March, 1999 and February 2010 It’s a blustery day in March, and I’m in a drafty warehouse. A woman named Stacy Andrus is showing me her pita-chip making machine. Stacy used to own a sandwich cart in Downtown Boston. The lines at her cart grew long and people would get cranky waiting for their sandwiches. So she would roast some leftover pita bread, season it, and give free samples to people standing in line. And those people, now happy happy, would say “HEY. These pita chips are good. You should sell these.” So she did.

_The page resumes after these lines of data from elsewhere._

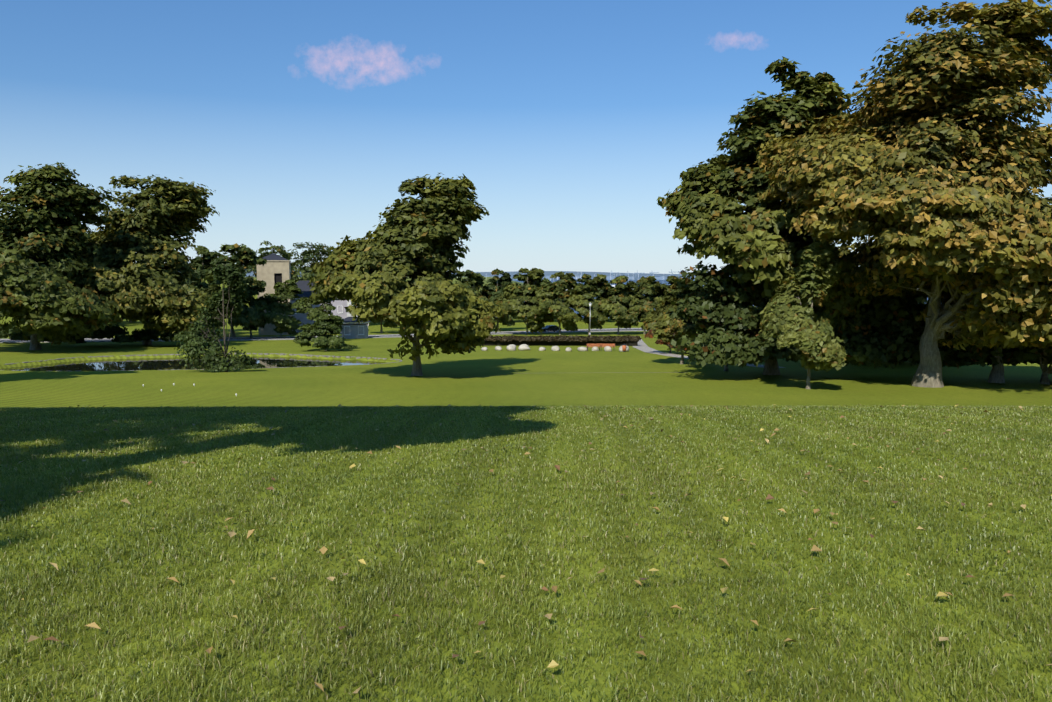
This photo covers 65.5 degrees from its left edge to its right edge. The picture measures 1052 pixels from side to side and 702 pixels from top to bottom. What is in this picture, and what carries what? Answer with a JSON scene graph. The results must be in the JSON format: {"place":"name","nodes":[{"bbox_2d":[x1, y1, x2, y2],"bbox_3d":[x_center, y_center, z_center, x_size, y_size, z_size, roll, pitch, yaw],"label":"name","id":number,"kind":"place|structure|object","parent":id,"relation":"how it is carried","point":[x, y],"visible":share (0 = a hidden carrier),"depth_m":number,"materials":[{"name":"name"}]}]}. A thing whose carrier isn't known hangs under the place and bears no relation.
{"place":"outdoors","nodes":[
{"label":"outdoors","id":0,"kind":"place"},
{"bbox_2d":[0,356,388,370],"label":"pond water","id":1,"kind":"structure","parent":0,"point":[139,364],"depth_m":92.29,"materials":[{"name":"black liquid"}]},
{"bbox_2d":[0,328,646,342],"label":"road","id":2,"kind":"structure","parent":0,"point":[369,336],"depth_m":154.86,"materials":[{"name":"grey asphalt"}]},
{"bbox_2d":[543,325,560,331],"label":"car","id":3,"kind":"object","parent":2,"relation":"on","point":[547,328],"visible":0.73,"depth_m":172.43,"materials":[{"name":"black paint"}]},
{"bbox_2d":[0,263,1051,701],"bbox_3d":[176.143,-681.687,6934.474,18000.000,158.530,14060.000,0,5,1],"label":"ground","id":4,"kind":"structure","parent":0,"point":[548,377],"depth_m":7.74,"materials":[{"name":"green plant"}]},
{"bbox_2d":[0,162,119,349],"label":"tree","id":5,"kind":"object","parent":4,"relation":"on","point":[53,302],"visible":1,"depth_m":107.41,"materials":[{"name":"green plant"}]},
{"bbox_2d":[21,263,123,324],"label":"tree","id":6,"kind":"object","parent":4,"relation":"on","point":[117,321],"visible":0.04,"depth_m":201.55,"materials":[{"name":"green plant"}]},
{"bbox_2d":[0,324,221,343],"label":"shrubs","id":7,"kind":"object","parent":4,"relation":"on","point":[117,332],"visible":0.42,"depth_m":120.96,"materials":[{"name":"green plant"}]},
{"bbox_2d":[34,174,224,344],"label":"tree","id":8,"kind":"object","parent":4,"relation":"on","point":[150,289],"visible":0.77,"depth_m":121.87,"materials":[{"name":"green plant"}]},
{"bbox_2d":[4,353,401,370],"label":"pond edging","id":9,"kind":"object","parent":4,"relation":"on","point":[307,355],"visible":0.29,"depth_m":97.56,"materials":[{"name":"stone"}]},
{"bbox_2d":[182,245,229,326],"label":"tree","id":10,"kind":"object","parent":4,"relation":"on","point":[204,262],"visible":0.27,"depth_m":160.29,"materials":[{"name":"green plant"}]},
{"bbox_2d":[174,263,264,371],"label":"weeping tree","id":11,"kind":"object","parent":4,"relation":"on","point":[194,347],"visible":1,"depth_m":80.28,"materials":[{"name":"green plant"}]},
{"bbox_2d":[188,243,266,336],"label":"tree","id":12,"kind":"object","parent":4,"relation":"on","point":[242,255],"visible":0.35,"depth_m":150.01,"materials":[{"name":"green plant"}]},
{"bbox_2d":[232,275,266,337],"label":"tree","id":13,"kind":"object","parent":4,"relation":"on","point":[257,287],"visible":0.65,"depth_m":150.27,"materials":[{"name":"green plant"}]},
{"bbox_2d":[241,241,292,285],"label":"tree","id":14,"kind":"object","parent":4,"relation":"on","point":[280,251],"visible":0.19,"depth_m":310.91,"materials":[{"name":"green plant"}]},
{"bbox_2d":[257,253,291,334],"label":"tower","id":15,"kind":"structure","parent":4,"relation":"on","point":[276,268],"depth_m":165.69,"materials":[{"name":"stone"}]},
{"bbox_2d":[255,279,303,336],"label":"tree","id":16,"kind":"object","parent":4,"relation":"on","point":[286,323],"visible":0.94,"depth_m":152.60,"materials":[{"name":"green plant"}]},
{"bbox_2d":[252,242,334,282],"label":"tree","id":17,"kind":"object","parent":4,"relation":"on","point":[316,255],"visible":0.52,"depth_m":330.18,"materials":[{"name":"green plant"}]},
{"bbox_2d":[291,287,342,334],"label":"tree","id":18,"kind":"object","parent":4,"relation":"on","point":[303,305],"visible":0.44,"depth_m":139.66,"materials":[{"name":"green plant"}]},
{"bbox_2d":[303,246,333,276],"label":"tree","id":19,"kind":"object","parent":4,"relation":"on","point":[321,259],"visible":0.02,"depth_m":343.98,"materials":[{"name":"green plant"}]},
{"bbox_2d":[291,281,346,332],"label":"building","id":20,"kind":"structure","parent":4,"relation":"on","point":[337,303],"depth_m":179.63,"materials":[{"name":"grey tile"}]},
{"bbox_2d":[293,315,357,350],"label":"bush","id":21,"kind":"object","parent":4,"relation":"on","point":[322,327],"visible":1,"depth_m":110.55,"materials":[{"name":"green plant"}]},
{"bbox_2d":[340,317,369,338],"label":"grey house","id":22,"kind":"structure","parent":4,"relation":"on","point":[351,329],"depth_m":150.60,"materials":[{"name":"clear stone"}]},
{"bbox_2d":[347,300,368,325],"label":"building","id":23,"kind":"structure","parent":4,"relation":"on","point":[348,304],"depth_m":212.31,"materials":[{"name":"stone"}]},
{"bbox_2d":[351,302,399,332],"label":"tree","id":24,"kind":"object","parent":4,"relation":"on","point":[390,323],"visible":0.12,"depth_m":174.91,"materials":[{"name":"green plant"}]},
{"bbox_2d":[307,172,507,375],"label":"tree","id":25,"kind":"object","parent":4,"relation":"on","point":[414,240],"visible":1,"depth_m":67.20,"materials":[{"name":"green plant"}]},
{"bbox_2d":[460,270,485,294],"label":"tree","id":26,"kind":"object","parent":4,"relation":"on","point":[476,279],"visible":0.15,"depth_m":177.79,"materials":[{"name":"green plant"}]},
{"bbox_2d":[475,269,514,330],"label":"tree","id":27,"kind":"object","parent":4,"relation":"on","point":[495,288],"visible":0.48,"depth_m":181.36,"materials":[{"name":"green plant"}]},
{"bbox_2d":[487,295,522,318],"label":"tree","id":28,"kind":"object","parent":4,"relation":"on","point":[511,313],"visible":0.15,"depth_m":230.36,"materials":[{"name":"green plant"}]},
{"bbox_2d":[506,344,515,350],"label":"boulder","id":29,"kind":"object","parent":4,"relation":"on","point":[511,347],"visible":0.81,"depth_m":107.49,"materials":[{"name":"beige stone"}]},
{"bbox_2d":[518,344,529,350],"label":"boulder","id":30,"kind":"object","parent":4,"relation":"on","point":[523,347],"visible":0.85,"depth_m":107.53,"materials":[{"name":"beige stone"}]},
{"bbox_2d":[0,404,1051,692],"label":"fallen leaves","id":31,"kind":"object","parent":4,"relation":"on","point":[324,550],"visible":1,"depth_m":6.25,"materials":[{"name":"brown plant"}]},
{"bbox_2d":[494,268,558,334],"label":"road tree","id":32,"kind":"object","parent":4,"relation":"on","point":[512,299],"visible":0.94,"depth_m":158.43,"materials":[{"name":"green plant"}]},
{"bbox_2d":[535,277,552,306],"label":"tree","id":33,"kind":"object","parent":4,"relation":"on","point":[546,281],"visible":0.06,"depth_m":243.33,"materials":[{"name":"green plant"}]},
{"bbox_2d":[551,346,559,350],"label":"boulder","id":34,"kind":"object","parent":4,"relation":"on","point":[555,348],"visible":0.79,"depth_m":105.81,"materials":[{"name":"beige stone"}]},
{"bbox_2d":[532,272,582,334],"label":"road tree","id":35,"kind":"object","parent":4,"relation":"on","point":[564,314],"visible":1,"depth_m":156.62,"materials":[{"name":"green plant"}]},
{"bbox_2d":[480,335,641,345],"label":"hedge","id":36,"kind":"object","parent":4,"relation":"on","point":[551,338],"depth_m":118.35,"materials":[{"name":"green plant"}]},
{"bbox_2d":[561,278,587,316],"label":"tree","id":37,"kind":"object","parent":4,"relation":"on","point":[582,281],"visible":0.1,"depth_m":241.88,"materials":[{"name":"green plant"}]},
{"bbox_2d":[466,269,696,279],"bbox_3d":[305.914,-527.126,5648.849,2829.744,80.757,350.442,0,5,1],"label":"skyline","id":38,"kind":"structure","parent":4,"relation":"on","point":[630,278],"depth_m":5602.27,"materials":[{"name":"blue"}]},
{"bbox_2d":[577,347,587,350],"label":"boulder","id":39,"kind":"object","parent":4,"relation":"on","point":[582,348],"visible":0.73,"depth_m":104.90,"materials":[{"name":"beige stone"}]},
{"bbox_2d":[566,274,608,334],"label":"road tree","id":40,"kind":"object","parent":4,"relation":"on","point":[580,298],"visible":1,"depth_m":155.62,"materials":[{"name":"green plant"}]},
{"bbox_2d":[593,283,611,316],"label":"tree","id":41,"kind":"object","parent":4,"relation":"on","point":[600,291],"visible":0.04,"depth_m":229.39,"materials":[{"name":"green plant"}]},
{"bbox_2d":[604,346,611,350],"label":"boulder","id":42,"kind":"object","parent":4,"relation":"on","point":[607,348],"visible":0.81,"depth_m":104.19,"materials":[{"name":"beige stone"}]},
{"bbox_2d":[595,275,638,334],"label":"road tree","id":43,"kind":"object","parent":4,"relation":"on","point":[610,300],"visible":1,"depth_m":157.06,"materials":[{"name":"green plant"}]},
{"bbox_2d":[619,345,628,351],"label":"boulder","id":44,"kind":"object","parent":4,"relation":"on","point":[620,348],"visible":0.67,"depth_m":103.46,"materials":[{"name":"beige stone"}]},
{"bbox_2d":[633,280,643,321],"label":"tree","id":45,"kind":"object","parent":4,"relation":"on","point":[638,282],"visible":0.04,"depth_m":229.52,"materials":[{"name":"green plant"}]},
{"bbox_2d":[624,275,660,333],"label":"road tree","id":46,"kind":"object","parent":4,"relation":"on","point":[641,305],"visible":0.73,"depth_m":158.56,"materials":[{"name":"green plant"}]},
{"bbox_2d":[644,329,686,352],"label":"red shrub","id":47,"kind":"object","parent":4,"relation":"on","point":[649,333],"visible":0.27,"depth_m":99.14,"materials":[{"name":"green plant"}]},
{"bbox_2d":[644,275,690,308],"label":"road tree","id":48,"kind":"object","parent":4,"relation":"on","point":[664,291],"visible":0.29,"depth_m":162.00,"materials":[{"name":"green plant"}]},
{"bbox_2d":[643,282,702,363],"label":"tree","id":49,"kind":"object","parent":4,"relation":"on","point":[663,325],"visible":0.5,"depth_m":80.80,"materials":[{"name":"green plant"}]},
{"bbox_2d":[597,337,784,372],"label":"paths","id":50,"kind":"structure","parent":4,"relation":"on","point":[642,346],"depth_m":97.51,"materials":[{"name":"grey concrete"}]},
{"bbox_2d":[682,266,764,370],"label":"tree","id":51,"kind":"object","parent":4,"relation":"on","point":[697,294],"depth_m":73.64,"materials":[{"name":"green plant"}]},
{"bbox_2d":[656,56,872,374],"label":"tree","id":52,"kind":"object","parent":4,"relation":"on","point":[755,242],"visible":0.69,"depth_m":65.85,"materials":[{"name":"green plant"}]},
{"bbox_2d":[759,241,846,388],"bbox_3d":[19.692,-2.290,57.942,5.925,10.875,5.969,0,5,1],"label":"small tree","id":53,"kind":"object","parent":4,"relation":"on","point":[787,321],"visible":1,"depth_m":56.97,"materials":[{"name":"green plant"}]},
{"bbox_2d":[665,261,1051,368],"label":"understorey","id":54,"kind":"object","parent":4,"relation":"on","point":[890,331],"visible":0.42,"depth_m":65.11,"materials":[{"name":"green plant"}]},
{"bbox_2d":[816,230,927,364],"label":"tree","id":55,"kind":"object","parent":4,"relation":"on","point":[843,247],"depth_m":87.11,"materials":[{"name":"green plant"}]},
{"bbox_2d":[753,0,1051,387],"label":"tree","id":56,"kind":"object","parent":4,"relation":"on","point":[896,164],"visible":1,"depth_m":55.50,"materials":[{"name":"green plant"}]},
{"bbox_2d":[954,119,1051,382],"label":"tree","id":57,"kind":"object","parent":4,"relation":"on","point":[996,375],"visible":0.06,"depth_m":61.84,"materials":[{"name":"green plant"}]},
{"bbox_2d":[1006,214,1051,383],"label":"tree","id":58,"kind":"object","parent":4,"relation":"on","point":[1046,372],"visible":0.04,"depth_m":63.33,"materials":[{"name":"green plant"}]},
{"bbox_2d":[0,0,1051,273],"label":"sky","id":59,"kind":"structure","parent":0,"point":[568,121],"materials":[{"name":"blue"}]},
{"bbox_2d":[496,280,927,317],"bbox_3d":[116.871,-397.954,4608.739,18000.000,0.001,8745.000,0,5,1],"label":"sea","id":60,"kind":"structure","parent":0,"point":[661,281],"depth_m":2417.53,"materials":[{"name":"blue liquid"}]}
]}

But at that moment in the warehouse, it’s noisy and chilly. Stacy invested everything she had into this new machine. And she had underestimated the problems with the bagging process. The seal has to be perfect. It has to be perfect. She’s going on her third year of only making $20,000 in salary with 100 hour workweeks. And she’s worried. Over the din, she shouts the words “It’s harder than people think, you know.” She wants help from me re-designing her bag, but she knows she can’t pay me. Heck, *I* know she can’t pay me. She offers to share with me business plan advice if I will give her packaging advice.

Stacy and I walk to her office, put the current bag on the table, stare at it. The words “Pita Chips” are in large letters. I tell her to reverse the hierarchy, make Stacy’s the biggest thing on the bag. Brand *Stacy* not the generic word “Pita Chips”. And I tell her to put the story, the story of how she started the company, on the bag. I will write that story for her, email it to her the next day. It’s the least I can do. Then I shrug my shoulders, walk out the door. I never see Stacy again.

In December of 2005, Stacy sells her company, Stacy’s Pita Chips, to Pepsico. Sales at the time are $60 million dollars.

Cut to two weeks ago. I’m sitting in my car – er, my Civic — with my daughter Allie. She’s eating from a bag of Stacy’s chips – cinnamon sugar. Suddenly she looks at the bag, shouts, “Hey, Mom, do you know the story of how Stacy’s was founded?” She pauses expectantly, a chip in one hand, the bag in the other. She’s 18 years old. She looks like the bite and smile portion of a television commercial.

“Why, yes, honey.” I reply. “As a matter of fact, I do.”

What do you think?  Can you think of a single brand that is important to you that you can’t tell a story about?